Sanger and others’ impact on chemistry

*According to general information gleaned by MLO from a number of websites, Frederick Sanger, OM, CH, CBE, FRS, turns 93 in August. This English biochemist is the fourth and only living person ever to have been awarded two Nobel Prizes, either individually or in tandem with another person. He received the Nobel Prize in Chemistry in 1958 “for his work on the structure of proteins, especially that of insulin,” and in 1980, he and Walter Gilbert shared the Nobel Prize in Chemistry “for their contributions concerning the determination of base sequences in nucleic acids” with Paul Berg who won “for his fundamental studies of the biochemistry of nucleic acids, with particular regard to recombinant-DNA.”

Harvard researcher on messenger RNA

After his 1980 win, Walter Gilbert, now 79, spent much of his time on the road speaking at conferences and visiting other laboratories. With only a brief interruption of his research work at Harvard University, Gilbert has spent most of his career at that institution.
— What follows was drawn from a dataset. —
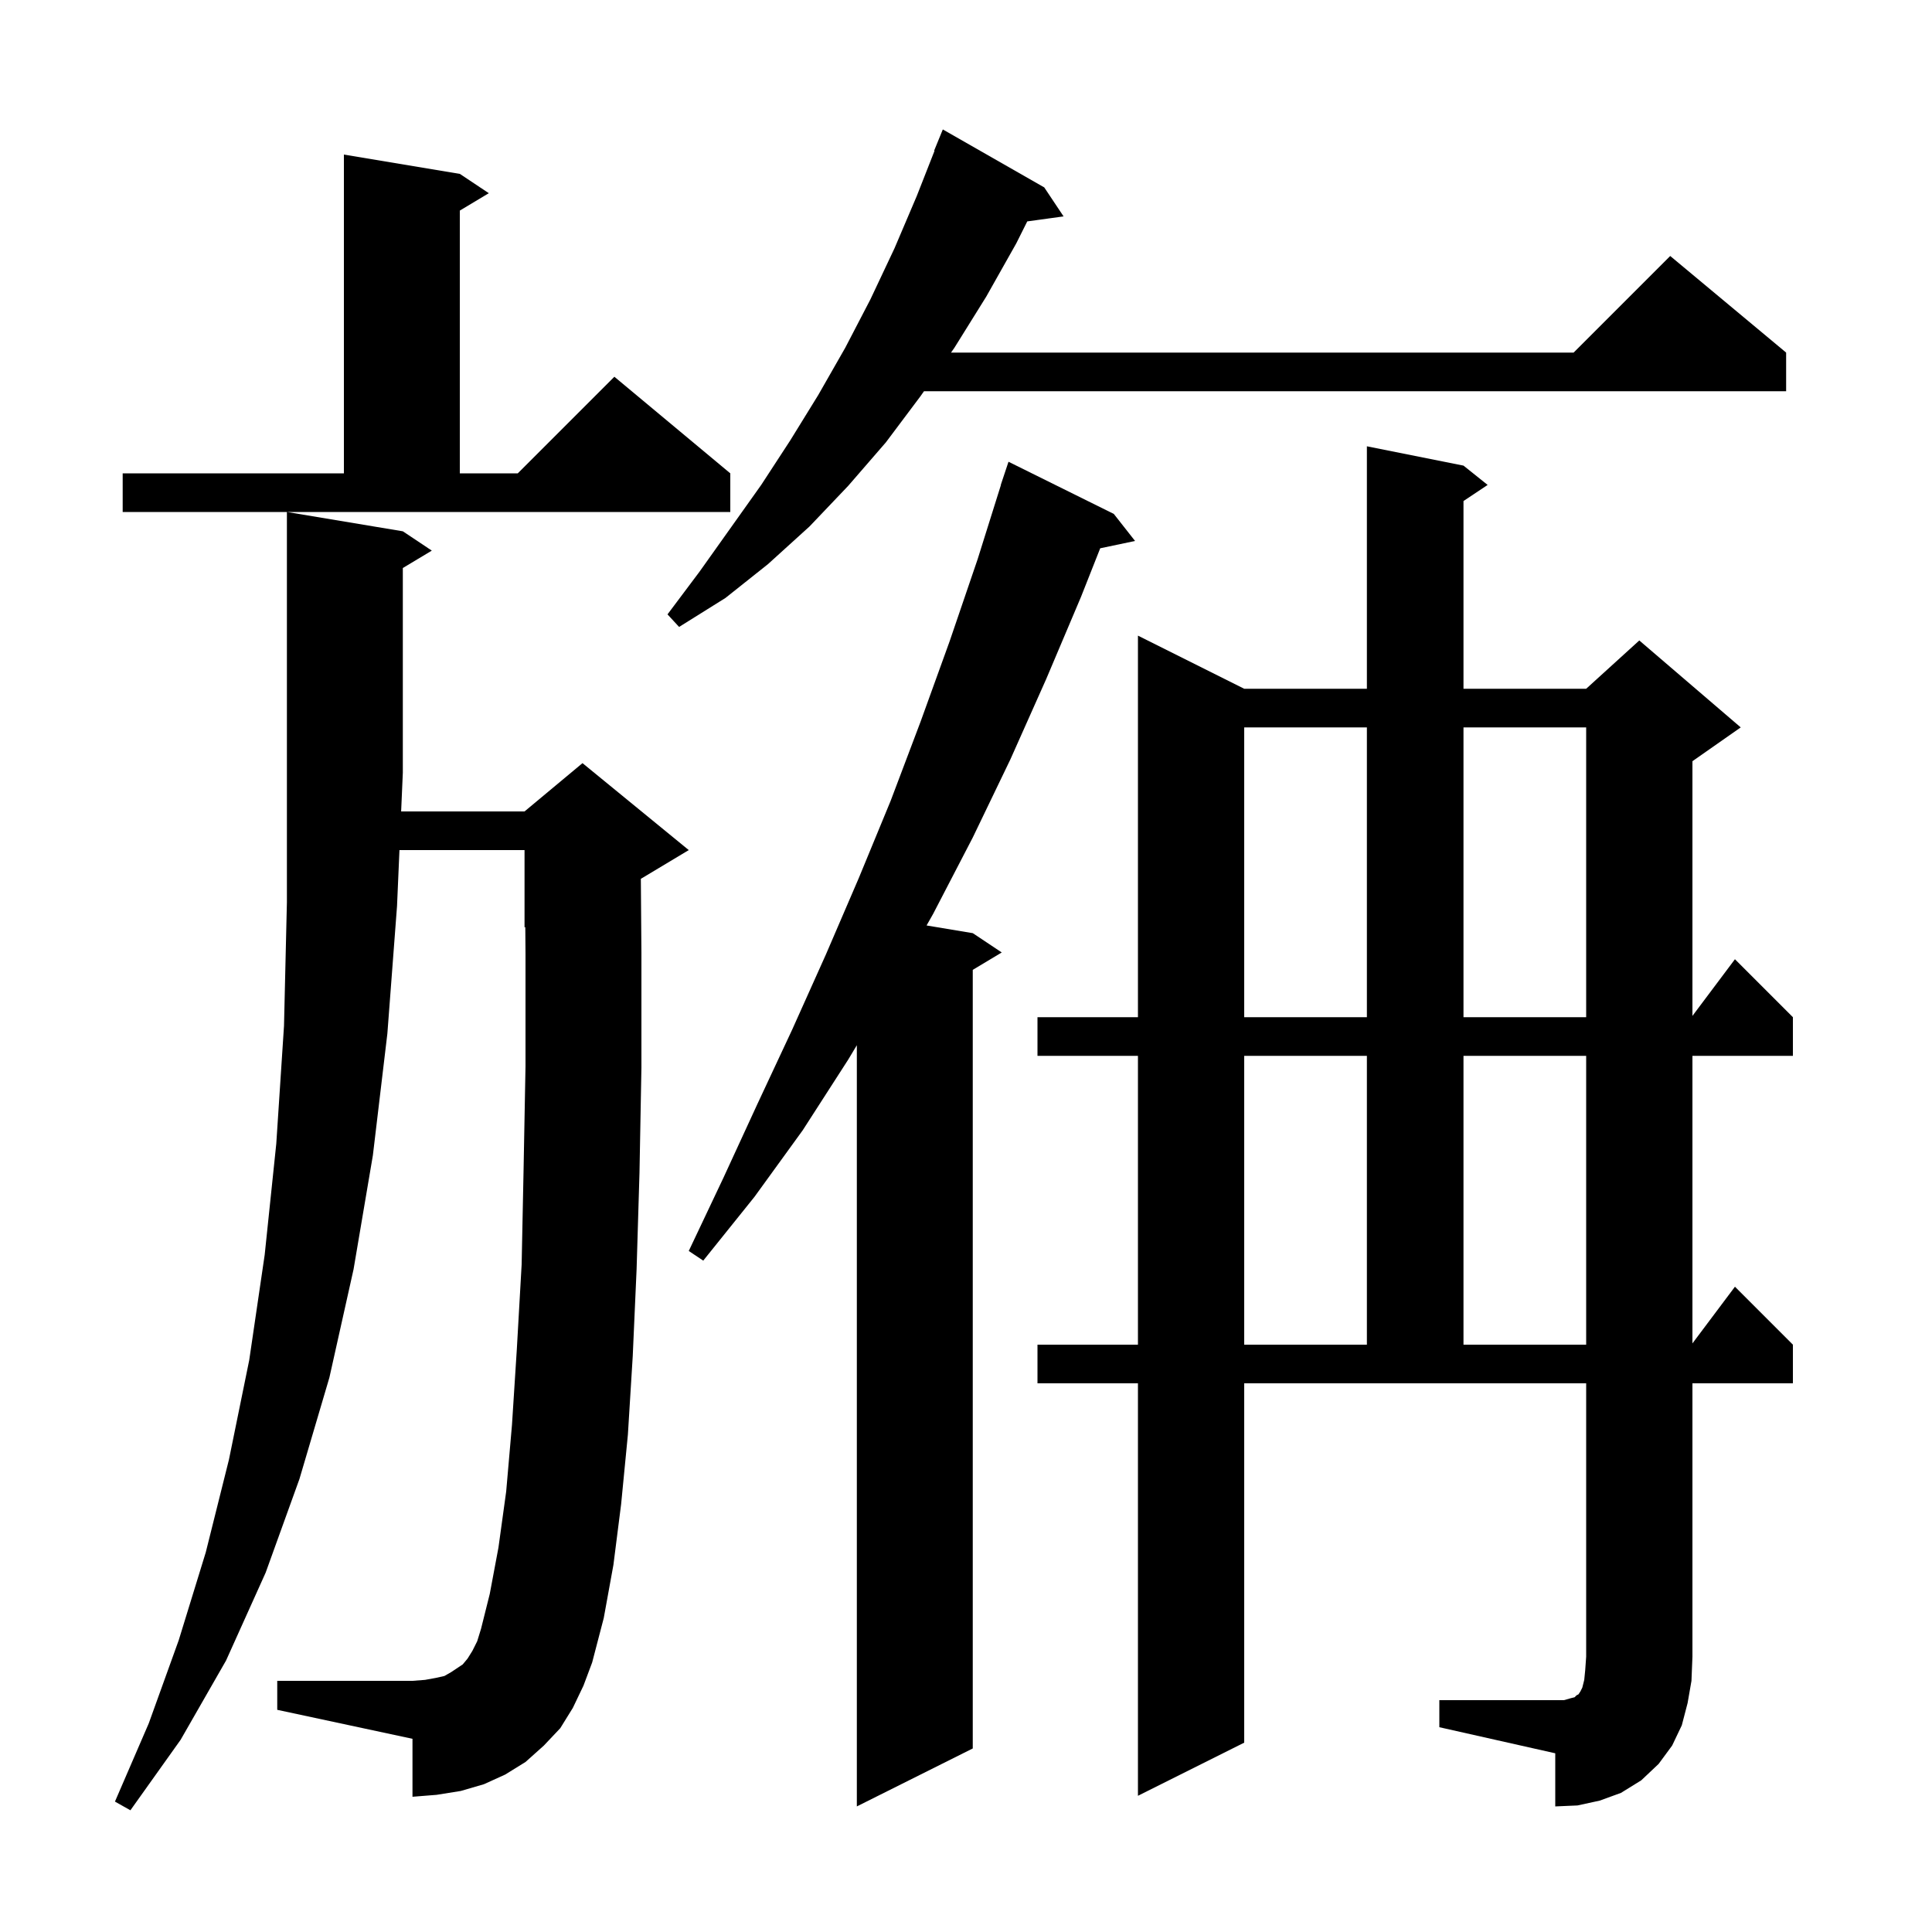 <svg xmlns="http://www.w3.org/2000/svg" xmlns:xlink="http://www.w3.org/1999/xlink" version="1.1" baseProfile="full" viewBox="0 0 200 200" width="200" height="200"><g fill="currentColor"><path d="M 59.3 176.8 L 58.0 178.9 L 56.3 180.7 L 54.4 182.4 L 52.3 183.7 L 50.1 184.7 L 47.7 185.4 L 45.2 185.8 L 42.7 186.0 L 42.7 180.0 L 28.7 177.0 L 28.7 174.0 L 42.7 174.0 L 44.0 173.9 L 45.1 173.7 L 46.0 173.5 L 46.7 173.1 L 47.9 172.3 L 48.4 171.7 L 48.9 170.9 L 49.4 169.9 L 49.8 168.6 L 50.7 165.0 L 51.6 160.2 L 52.4 154.4 L 53.0 147.5 L 53.5 139.7 L 54.0 130.9 L 54.2 121.1 L 54.4 110.4 L 54.4 98.7 L 54.378 95.967 L 54.3 96.0 L 54.3 88.0 L 41.352 88.0 L 41.1 93.8 L 40.1 107.0 L 38.6 119.6 L 36.6 131.4 L 34.1 142.6 L 31.0 153.1 L 27.5 162.8 L 23.4 171.9 L 18.7 180.1 L 13.5 187.4 L 11.9 186.5 L 15.4 178.4 L 18.5 169.8 L 21.3 160.7 L 23.7 151.1 L 25.8 140.8 L 27.4 129.9 L 28.6 118.4 L 29.4 106.2 L 29.7 93.4 L 29.7 53.0 L 41.7 55.0 L 44.7 57.0 L 41.7 58.8 L 41.7 80.0 L 41.526 84.0 L 54.3 84.0 L 60.3 79.0 L 71.3 88.0 L 66.34 90.976 L 66.4 98.7 L 66.4 110.5 L 66.2 121.4 L 65.9 131.4 L 65.5 140.4 L 65.0 148.5 L 64.3 155.7 L 63.5 162.0 L 62.5 167.5 L 61.3 172.1 L 60.4 174.5 Z M 149.0 176.0 L 161.9 176.0 L 162.6 175.8 L 163.0 175.7 L 163.2 175.5 L 163.4 175.4 L 163.6 175.1 L 163.8 174.7 L 164.0 173.9 L 164.1 172.9 L 164.2 171.5 L 164.2 143.2 L 128.8 143.2 L 128.8 180.4 L 117.8 185.9 L 117.8 143.2 L 107.4 143.2 L 107.4 139.2 L 117.8 139.2 L 117.8 109.3 L 107.4 109.3 L 107.4 105.3 L 117.8 105.3 L 117.8 65.8 L 128.8 71.3 L 141.5 71.3 L 141.5 46.2 L 151.5 48.2 L 154.0 50.2 L 151.5 51.867 L 151.5 71.3 L 164.2 71.3 L 169.7 66.3 L 180.2 75.3 L 175.2 78.8 L 175.2 105.167 L 179.6 99.3 L 185.6 105.3 L 185.6 109.3 L 175.2 109.3 L 175.2 139.067 L 179.6 133.2 L 185.6 139.2 L 185.6 143.2 L 175.2 143.2 L 175.2 171.5 L 175.1 174.0 L 174.7 176.3 L 174.1 178.6 L 173.1 180.7 L 171.7 182.6 L 169.9 184.3 L 167.8 185.6 L 165.6 186.4 L 163.3 186.9 L 161.0 187.0 L 161.0 181.5 L 149.0 178.8 Z M 115.3 53.2 L 117.5 56.0 L 113.893 56.759 L 111.9 61.8 L 108.3 70.3 L 104.6 78.6 L 100.7 86.7 L 96.6 94.6 L 95.919 95.803 L 100.7 96.6 L 103.7 98.6 L 100.7 100.4 L 100.7 181.0 L 88.7 187.0 L 88.7 108.2 L 87.8 109.7 L 83.1 117.0 L 78.1 123.9 L 72.8 130.5 L 71.3 129.5 L 74.9 121.9 L 78.4 114.3 L 82.0 106.6 L 85.5 98.8 L 88.9 90.9 L 92.2 82.9 L 95.3 74.7 L 98.3 66.4 L 101.2 57.9 L 103.616 50.204 L 103.6 50.2 L 104.4 47.8 Z M 128.8 109.3 L 128.8 139.2 L 141.5 139.2 L 141.5 109.3 Z M 151.5 109.3 L 151.5 139.2 L 164.2 139.2 L 164.2 109.3 Z M 128.8 75.3 L 128.8 105.3 L 141.5 105.3 L 141.5 75.3 Z M 151.5 75.3 L 151.5 105.3 L 164.2 105.3 L 164.2 75.3 Z M 108.1 19.4 L 110.1 22.4 L 106.341 22.919 L 105.2 25.2 L 102.1 30.7 L 98.8 36.0 L 98.45 36.5 L 162.9 36.5 L 172.9 26.5 L 184.9 36.5 L 184.9 40.5 L 95.65 40.5 L 95.3 41.0 L 91.7 45.8 L 87.8 50.3 L 83.8 54.5 L 79.5 58.4 L 75.1 61.9 L 70.3 64.9 L 69.1 63.6 L 72.4 59.2 L 78.8 50.2 L 81.8 45.6 L 84.7 40.9 L 87.5 36.0 L 90.1 31.0 L 92.6 25.7 L 94.9 20.3 L 96.741 15.614 L 96.7 15.6 L 97.6 13.4 Z M 12.7 49.0 L 35.6 49.0 L 35.6 16.0 L 47.6 18.0 L 50.6 20.0 L 47.6 21.8 L 47.6 49.0 L 53.6 49.0 L 63.6 39.0 L 75.6 49.0 L 75.6 53.0 L 12.7 53.0 Z "/></g></svg>

By 1961, Gilbert had published his first paper on messenger RNA in Nature; and in 1964, not only had he published the last of his papers in theoretical physics, he became a tenured biophysicist at Harvard.

Stanford’s molecular biologist at Human Genome Project

In 1972, Paul Berg, a molecular biologist at Stanford University beginning in 1959, created the first recombinant DNA molecules and, thus, the field of genetic engineering. In 1985, Berg became director of the New Beckman Center for Molecular and Genetic Medicine. In 1991, Berg accepted a position as head of the National Institute of Health’s Scientific Advisory Committee of the Human Genome Project. Berg will be 85 in June.